Since $M$ is the midpoint of $PP'$, $PM = MP'$.
Distance between two points $({x_1},{y_1},{z_1})$ and $({x_2},{y_2},{z_2})$ is$\sqrt {({x_1} - {x_2})_{}^2 + ({y_1} - {y_2})_{}^2 + ({z_1} - {z_2})_{}^2} $.
Using this equation and substituting $P(0,3, - 2),M(1,2, - 1)$ and $P'(1 - k',2 + k', - 1 - k')$
$PM = MP' \Rightarrow $
$\sqrt {(0 - 1)_{}^2 + (3 - 2)_{}^2 + ( - 2 + 1)_{}^2} = \sqrt {(1 - (1 - k')_{}^2 + (2 - (2 + k'))_{}^2 + ( - 1 - ( - 1 - k'))_{}^2} $
Squaring both sides,
${( - 1)^2} + {1^2} + {( - 1)^2} = {(1 - 1 + k')^2} + {(2 - 2 - k')^2} + {( - 1 + 1 + k')^2}$
$ \Rightarrow 1 + 1 + 1 = k{'^2} + k{'^2} + k{'^2}$
On simplification we get,
$ \Rightarrow 3 = 3k{'^2}$
Dividing both sides by $3$,
$ \Rightarrow \dfrac{3}{3} = \dfrac{{3k{'^2}}}{3}$
$ \Rightarrow 1 = k{'^2}$
This implies $k'$ is either $1$ or $ - 1$.
$k' = 1 \Rightarrow P'(1 - k',2 + k', - 1 - k') = P'(1 - 1,2 + 1, - 1 - 1) = P'(0,3, - 2) = P$, which is not possible.
Therefore, $k' \ne 1 \Rightarrow k' = - 1$.

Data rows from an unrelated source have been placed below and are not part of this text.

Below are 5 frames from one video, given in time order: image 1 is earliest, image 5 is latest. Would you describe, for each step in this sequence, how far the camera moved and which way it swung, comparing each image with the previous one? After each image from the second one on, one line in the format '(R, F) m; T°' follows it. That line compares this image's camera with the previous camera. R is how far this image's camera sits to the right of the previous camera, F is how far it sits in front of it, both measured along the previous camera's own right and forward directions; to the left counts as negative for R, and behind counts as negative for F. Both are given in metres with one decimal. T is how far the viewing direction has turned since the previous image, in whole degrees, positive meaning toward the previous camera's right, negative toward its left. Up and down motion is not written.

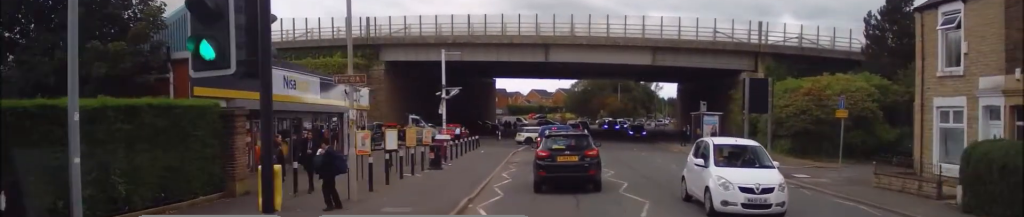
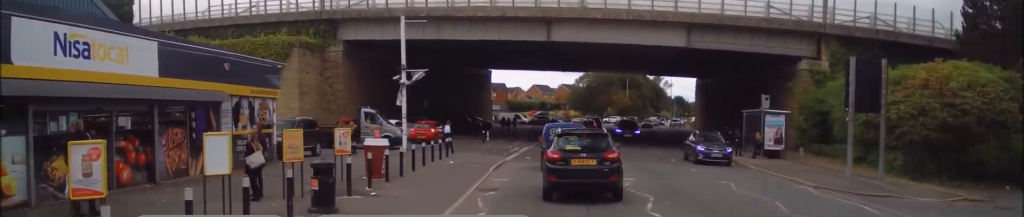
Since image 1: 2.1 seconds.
(+0.4, +11.9) m; +3°
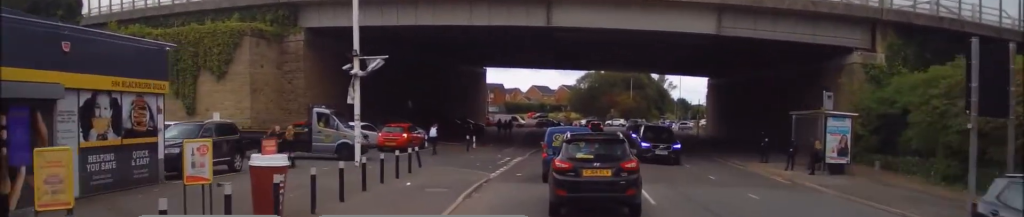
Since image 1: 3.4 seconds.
(-0.1, +7.0) m; -4°
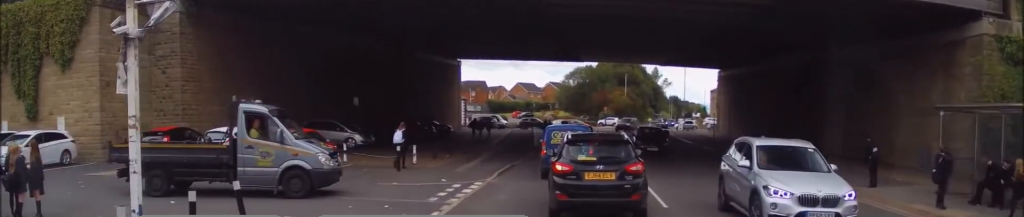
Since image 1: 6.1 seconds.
(+0.3, +12.1) m; +1°
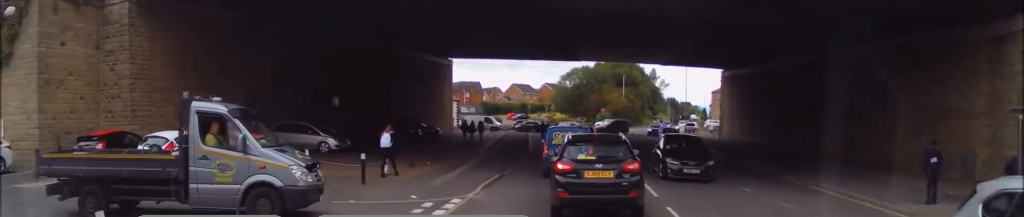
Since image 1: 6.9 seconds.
(-0.1, +3.3) m; -1°
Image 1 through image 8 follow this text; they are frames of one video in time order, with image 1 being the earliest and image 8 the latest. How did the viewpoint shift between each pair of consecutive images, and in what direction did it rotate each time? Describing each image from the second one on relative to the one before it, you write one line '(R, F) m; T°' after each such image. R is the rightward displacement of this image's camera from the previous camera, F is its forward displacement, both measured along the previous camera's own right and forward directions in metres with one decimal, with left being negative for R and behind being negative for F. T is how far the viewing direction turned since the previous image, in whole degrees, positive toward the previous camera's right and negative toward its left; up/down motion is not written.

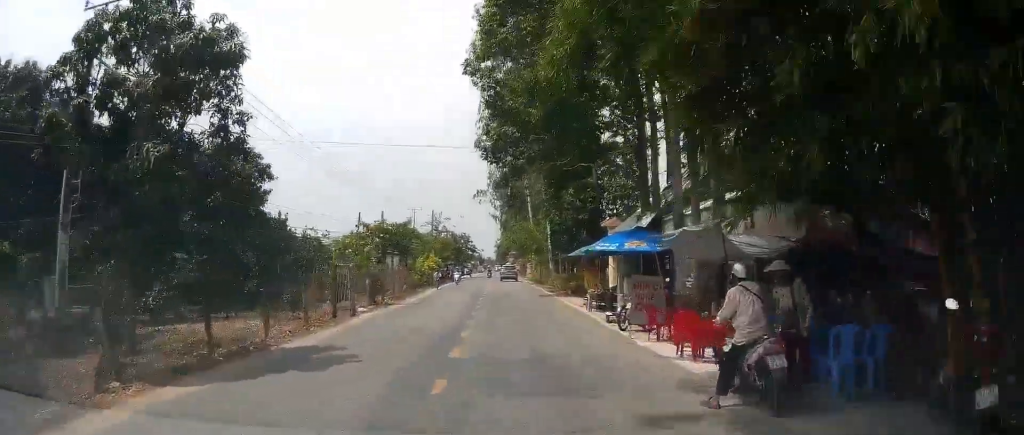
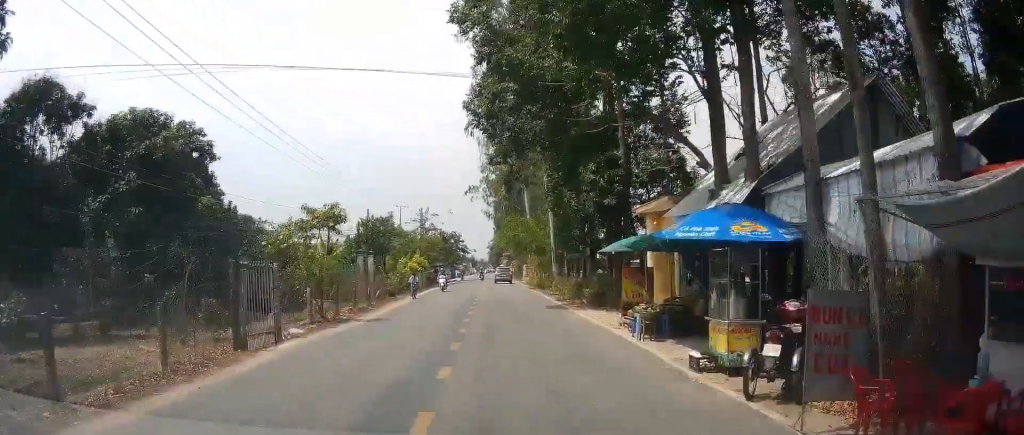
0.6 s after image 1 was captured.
(+0.1, +7.5) m; +1°
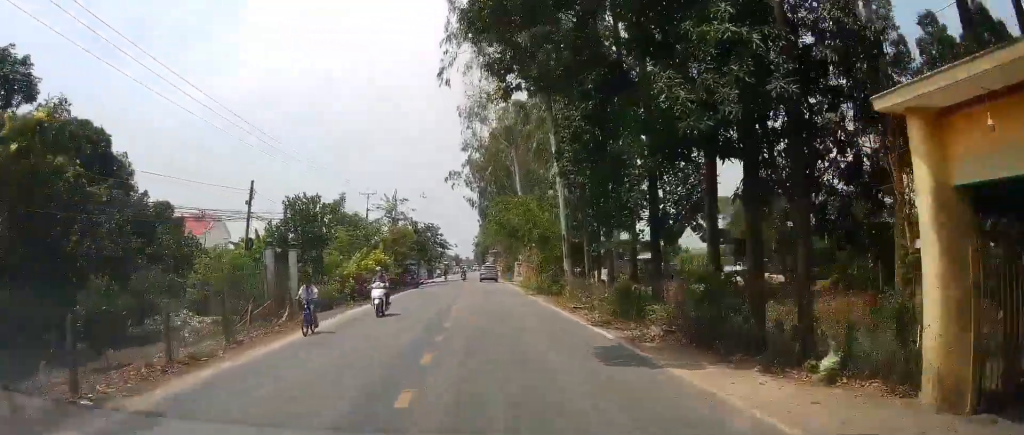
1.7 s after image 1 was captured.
(0.0, +14.0) m; +2°
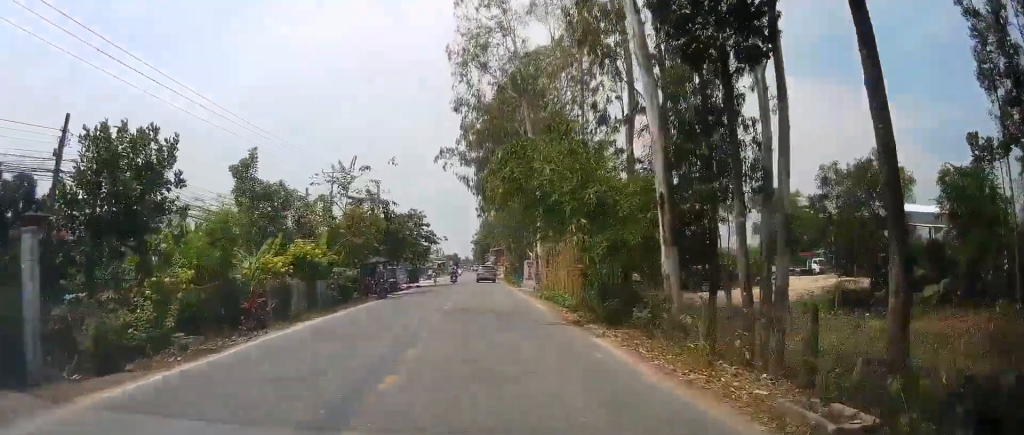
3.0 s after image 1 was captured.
(+0.3, +17.4) m; -1°
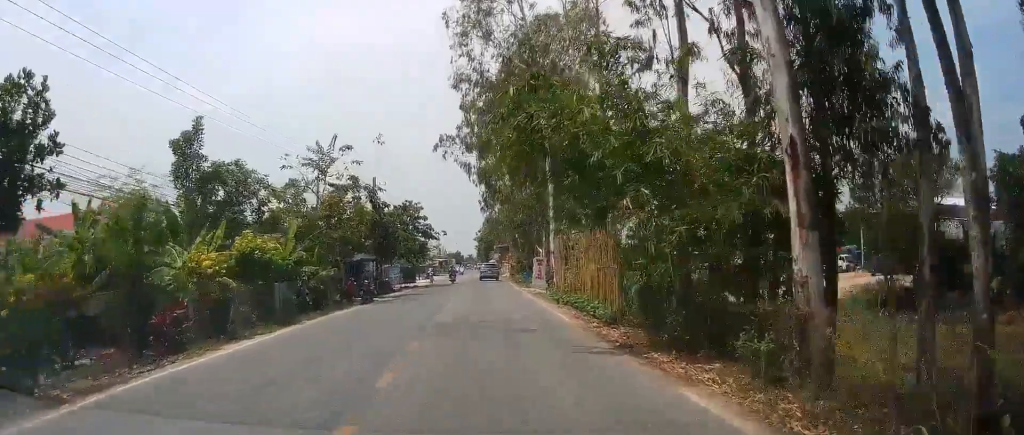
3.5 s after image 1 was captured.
(-0.1, +6.1) m; -2°
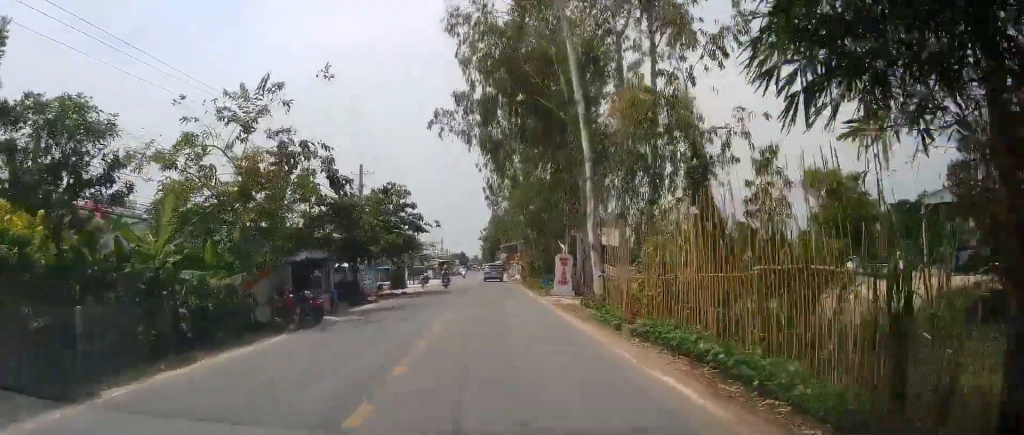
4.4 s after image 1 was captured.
(-0.3, +11.6) m; -1°
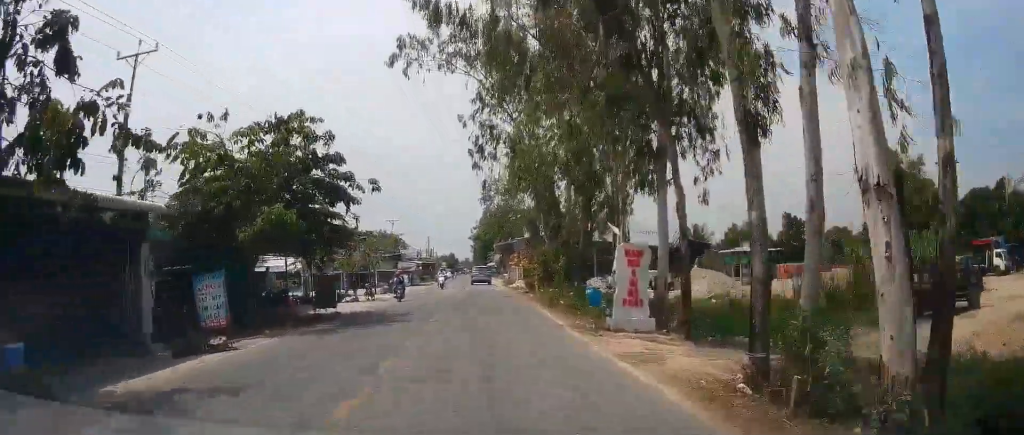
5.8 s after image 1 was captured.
(+0.4, +18.8) m; +1°
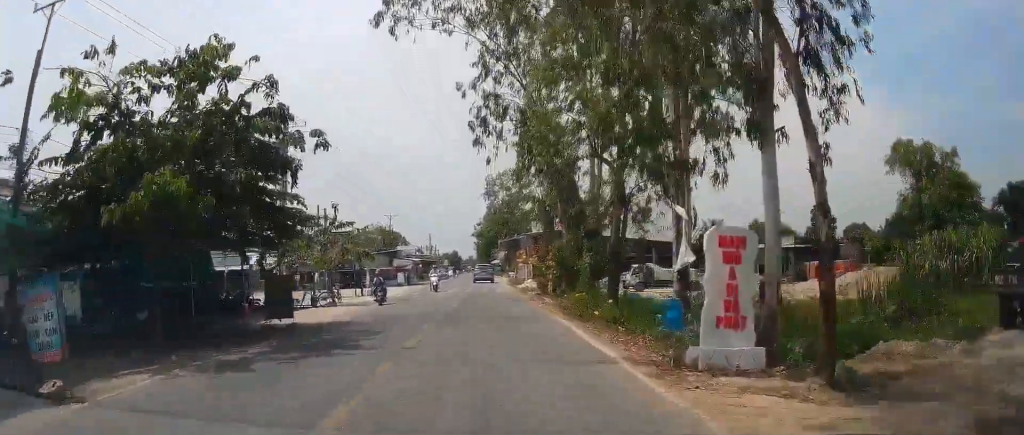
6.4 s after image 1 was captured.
(+0.1, +6.4) m; -1°
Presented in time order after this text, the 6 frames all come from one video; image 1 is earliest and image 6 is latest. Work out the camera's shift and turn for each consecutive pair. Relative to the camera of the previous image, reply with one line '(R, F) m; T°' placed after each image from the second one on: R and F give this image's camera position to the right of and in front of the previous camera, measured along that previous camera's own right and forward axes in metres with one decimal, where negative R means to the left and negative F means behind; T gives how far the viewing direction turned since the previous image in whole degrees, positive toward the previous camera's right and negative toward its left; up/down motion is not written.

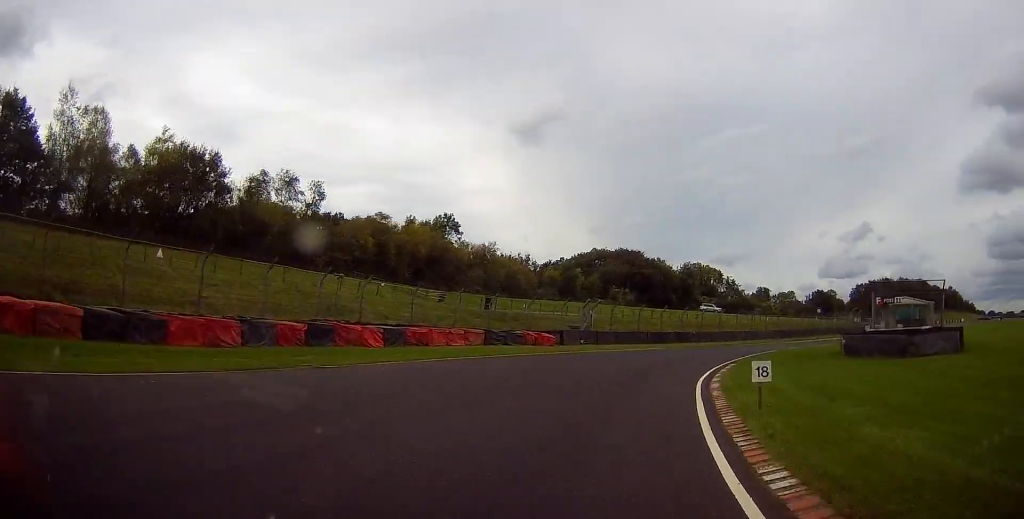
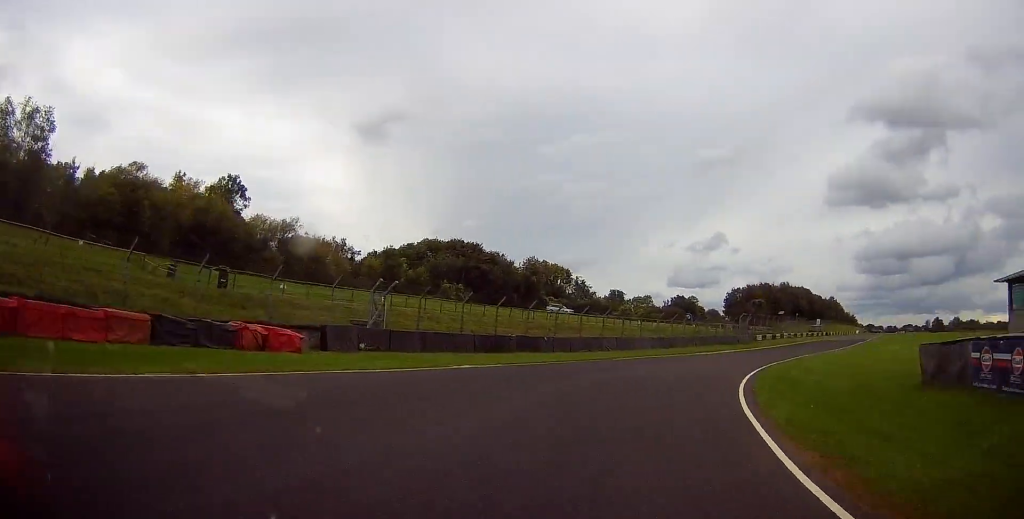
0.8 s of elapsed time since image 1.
(+2.4, +20.4) m; +12°
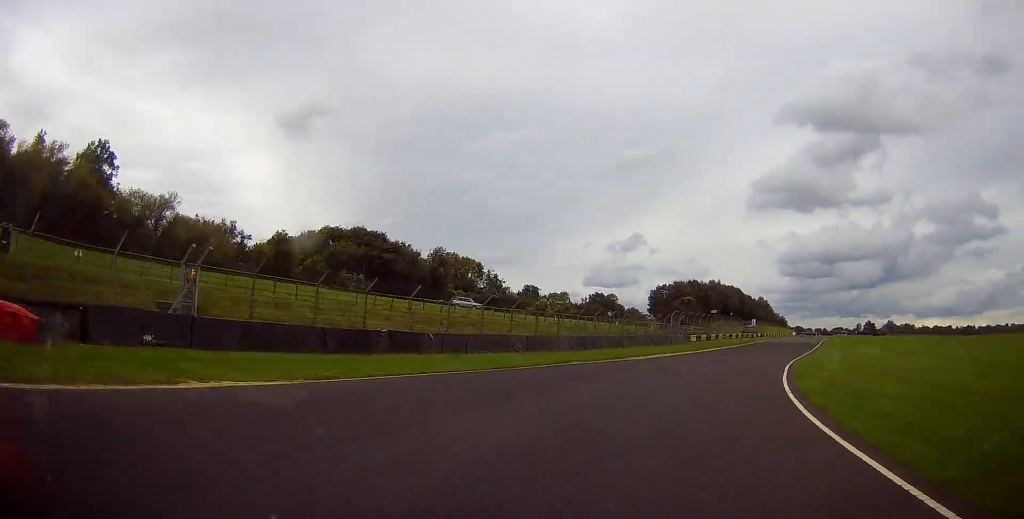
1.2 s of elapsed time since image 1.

Then the point $P'(1 - k',2 + k', - 1 - k') = P'(1 - - 1,2 + - 1, - 1 - ( - 1)) = P'(2,1,0)$
Therefore, the image of the point $P(0,3, - 2)$ is $P'(2,1,0)$.
               

So, the correct answer is “Option B”.

Note: The reflection or image of a point and the point are equidistant from the line of reflection. If in case the reflection is taken about $x$ or $y$ axes calculation is much simpler. In all other cases it is better to first write the equation in standard form and then proceed.